E.g. Cutlass leverages it: https://github.com/NVIDIA/cutlass/blob/5f13dcad781284678edafa3b8d108120cfc6a6e4/python/cutlass/emit/pytorch.py#L684

This adds it to the list of permitted architectures to use in `cpp_extension` directly.
Pull Request resolved: https://github.com/pytorch/pytorch/pull/110587
Approved by: https://github.com/ezyang
---
 .../upstream/FindCUDA/select_compute_arch.cmake              | 5 +++++
 torch/utils/cpp_extension.py                                 | 4 ++--
 2 files changed, 7 insertions(+), 2 deletions(-)

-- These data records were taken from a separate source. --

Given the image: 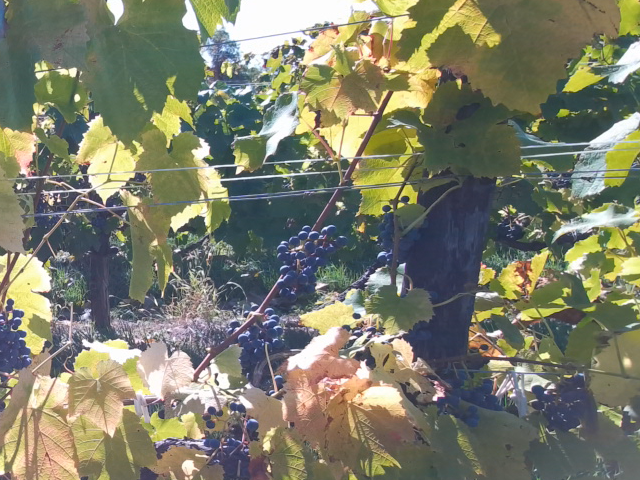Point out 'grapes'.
<instances>
[{
    "label": "grapes",
    "mask_w": 640,
    "mask_h": 480,
    "mask_svg": "<svg viewBox=\"0 0 640 480\" xmlns=\"http://www.w3.org/2000/svg\"><path fill=\"white\" fill-rule=\"evenodd\" d=\"M319 237L320 233L317 230H312L310 224H304L296 236L292 235L288 241L283 240L279 243L277 259L283 262L279 273L284 276L276 282V287L279 289V296L282 299L288 298L290 302H295L302 292L314 293L317 281L314 274L319 266L327 263L324 256L326 252L333 253L348 243V238L345 235H338L335 240L325 246L307 241L303 250L289 251L290 247H298L300 241H305L307 238L315 240Z\"/></svg>",
    "instance_id": "01657485"
},
{
    "label": "grapes",
    "mask_w": 640,
    "mask_h": 480,
    "mask_svg": "<svg viewBox=\"0 0 640 480\" xmlns=\"http://www.w3.org/2000/svg\"><path fill=\"white\" fill-rule=\"evenodd\" d=\"M14 300L9 298L6 301L5 310L12 311V319H8L4 312H0V371L12 374L14 369L21 370L32 364V359L28 357L32 350L27 347L24 340L26 332L19 330L22 324L24 312L14 309Z\"/></svg>",
    "instance_id": "b958b902"
},
{
    "label": "grapes",
    "mask_w": 640,
    "mask_h": 480,
    "mask_svg": "<svg viewBox=\"0 0 640 480\" xmlns=\"http://www.w3.org/2000/svg\"><path fill=\"white\" fill-rule=\"evenodd\" d=\"M460 376L458 379H448L447 383L453 387L452 390L449 391L448 396L440 397L437 401L438 406L436 410L441 412L443 410L442 406L446 404H450L453 408H456L460 403V398L471 405L468 407L469 416H465L463 418V422L468 424L470 427L476 428L480 421V416L478 413V408L487 409L489 411L501 412L503 407L496 403L497 397L492 394L493 382L490 379H484L481 382V387L470 388L468 391L461 388L464 385V380L466 379V374L464 372L457 373Z\"/></svg>",
    "instance_id": "0513c4c2"
},
{
    "label": "grapes",
    "mask_w": 640,
    "mask_h": 480,
    "mask_svg": "<svg viewBox=\"0 0 640 480\" xmlns=\"http://www.w3.org/2000/svg\"><path fill=\"white\" fill-rule=\"evenodd\" d=\"M264 315L267 319L260 323L264 330L252 326L237 338V342L243 347L239 357L243 367L256 364L265 358L266 343L272 348H281L283 345V340L278 338L283 334V329L276 325L280 322V317L272 307L266 308Z\"/></svg>",
    "instance_id": "84f90ec7"
},
{
    "label": "grapes",
    "mask_w": 640,
    "mask_h": 480,
    "mask_svg": "<svg viewBox=\"0 0 640 480\" xmlns=\"http://www.w3.org/2000/svg\"><path fill=\"white\" fill-rule=\"evenodd\" d=\"M531 392L538 400L532 403V407L543 412L551 428L569 431L571 428H577L580 425L579 419L586 415V407L583 403L574 402L571 407L567 404L556 405L554 397L545 394L543 385H534Z\"/></svg>",
    "instance_id": "f8a65327"
},
{
    "label": "grapes",
    "mask_w": 640,
    "mask_h": 480,
    "mask_svg": "<svg viewBox=\"0 0 640 480\" xmlns=\"http://www.w3.org/2000/svg\"><path fill=\"white\" fill-rule=\"evenodd\" d=\"M393 213H385L384 220L386 222H381L378 224V234L381 240V244L384 248V251H380L376 260L380 263H390L392 256V247L395 235V225L393 223Z\"/></svg>",
    "instance_id": "5460f4e3"
},
{
    "label": "grapes",
    "mask_w": 640,
    "mask_h": 480,
    "mask_svg": "<svg viewBox=\"0 0 640 480\" xmlns=\"http://www.w3.org/2000/svg\"><path fill=\"white\" fill-rule=\"evenodd\" d=\"M584 373H577L574 378L567 377L560 386L561 397L564 402H572L573 400H584L586 398V389L584 386Z\"/></svg>",
    "instance_id": "83cd7487"
},
{
    "label": "grapes",
    "mask_w": 640,
    "mask_h": 480,
    "mask_svg": "<svg viewBox=\"0 0 640 480\" xmlns=\"http://www.w3.org/2000/svg\"><path fill=\"white\" fill-rule=\"evenodd\" d=\"M418 232V228L411 229L406 234V237L401 238L398 263H405L410 257V248L414 246L416 244V241L421 238V234Z\"/></svg>",
    "instance_id": "e5b3c951"
},
{
    "label": "grapes",
    "mask_w": 640,
    "mask_h": 480,
    "mask_svg": "<svg viewBox=\"0 0 640 480\" xmlns=\"http://www.w3.org/2000/svg\"><path fill=\"white\" fill-rule=\"evenodd\" d=\"M223 414H224V411L222 409H219L216 411V408L214 406H210L207 408V412L203 413L202 419L206 421V427L209 428L210 430H213L214 427L216 426V422L214 420H210L211 415L213 417H222Z\"/></svg>",
    "instance_id": "2adb6a1f"
},
{
    "label": "grapes",
    "mask_w": 640,
    "mask_h": 480,
    "mask_svg": "<svg viewBox=\"0 0 640 480\" xmlns=\"http://www.w3.org/2000/svg\"><path fill=\"white\" fill-rule=\"evenodd\" d=\"M226 449L224 451L225 455L230 454L234 449L240 447L242 445V440L241 439H235L233 437H228L226 439Z\"/></svg>",
    "instance_id": "ef6de9ee"
},
{
    "label": "grapes",
    "mask_w": 640,
    "mask_h": 480,
    "mask_svg": "<svg viewBox=\"0 0 640 480\" xmlns=\"http://www.w3.org/2000/svg\"><path fill=\"white\" fill-rule=\"evenodd\" d=\"M230 329L228 330V334L232 335L235 333L236 329L241 327V324L238 321H232L228 323Z\"/></svg>",
    "instance_id": "1ff8f66d"
}]
</instances>

diff --git a/cmake/Modules_CUDA_fix/upstream/FindCUDA/select_compute_arch.cmake b/cmake/Modules_CUDA_fix/upstream/FindCUDA/select_compute_arch.cmake
index d917738a5c7..769ddacfcf2 100644
--- a/cmake/Modules_CUDA_fix/upstream/FindCUDA/select_compute_arch.cmake
+++ b/cmake/Modules_CUDA_fix/upstream/FindCUDA/select_compute_arch.cmake
@@ -72,6 +72,11 @@ if(NOT CUDA_VERSION VERSION_LESS "11.8")
   endif()
 endif()
 
+if(NOT CUDA_VERSION VERSION_LESS "12.0")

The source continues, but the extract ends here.